Network virtualization is a promising solution to attack Internet ossification. Virtual network mapping (or embedding) problem is the core of it and is proved to be NP-hard. In this paper, virtual network mapping problem with survivability is formulated and solved with a heuristic algorithm. Firstly, network link resources are divided into primary flow resources and secondary flow resources. The former are used under normal network operation, whereas the latter are used as backup resources once the networks fail.
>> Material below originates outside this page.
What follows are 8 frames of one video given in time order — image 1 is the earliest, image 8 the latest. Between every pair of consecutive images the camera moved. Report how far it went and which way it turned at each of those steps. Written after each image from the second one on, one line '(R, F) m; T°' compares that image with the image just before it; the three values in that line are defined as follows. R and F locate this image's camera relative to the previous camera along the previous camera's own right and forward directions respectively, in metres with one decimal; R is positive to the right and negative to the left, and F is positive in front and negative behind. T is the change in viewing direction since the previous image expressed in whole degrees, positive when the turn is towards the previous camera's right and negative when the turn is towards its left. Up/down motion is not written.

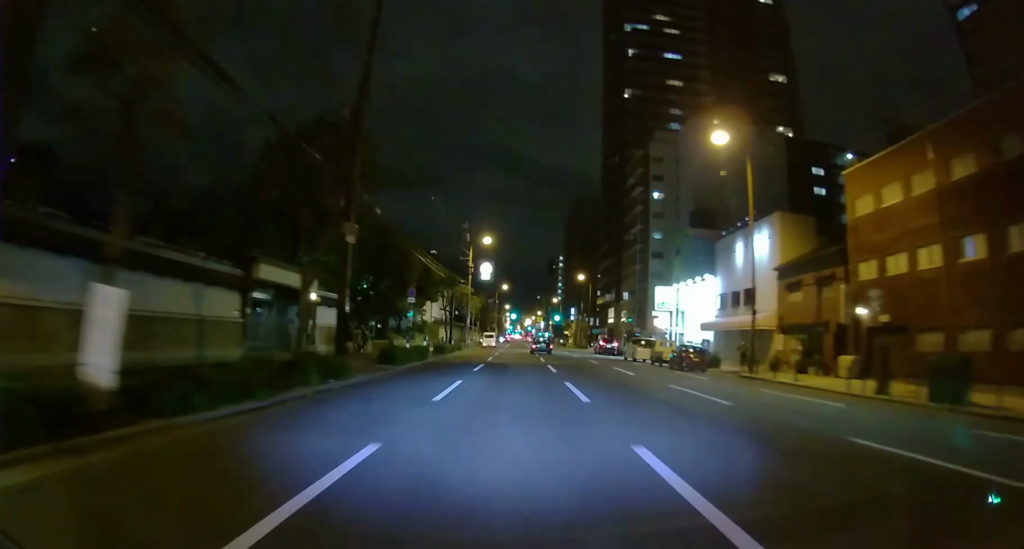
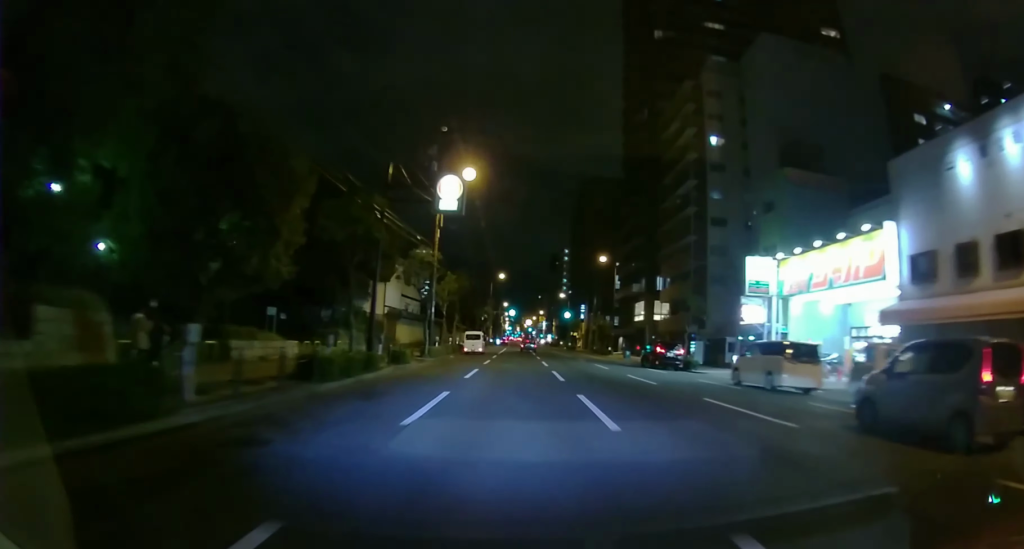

Secondly, we introduce a novel metric named global resource capacity (GRC) which is recently proposed for measuring node mapping capacity to improve network load balance. At last, a heuristic survivable virtual network embedding algorithm (GRC-SVNE) is proposed. In node mapping phase, we calculate the mapping capacity of all nodes and then some nodes are selected as candidate nodes for virtual network embedding and the goal is to improve mapping successful ratio. After that, link mapping is performed with Dijkstra algorithm. Simulation results show that GRC-SVNE outperforms the traditional greedy algorithm (GREEDY), randomized algorithm (R-ViNE) as well as deterministic algorithm (D-ViNE) and demonstrates desirable results in terms of acceptance ratio, network load balance and network revenue.

Keywords

Heuristic algorithm Network failure Survivability Load balance 

Notes

Acknowledgements

This study was funded by the National Natural Science Foundation of China (61373149, 61672329) and Shandong Provincial Natural Science Foundation for Young Scholars of China (Grant No. ZR2017QF008).

Compliance with ethical standards

Conflict of interest

There is no conflict of interest.

Human participants or animals

This article does not contain any studies with human participants or animals performed by any of the authors.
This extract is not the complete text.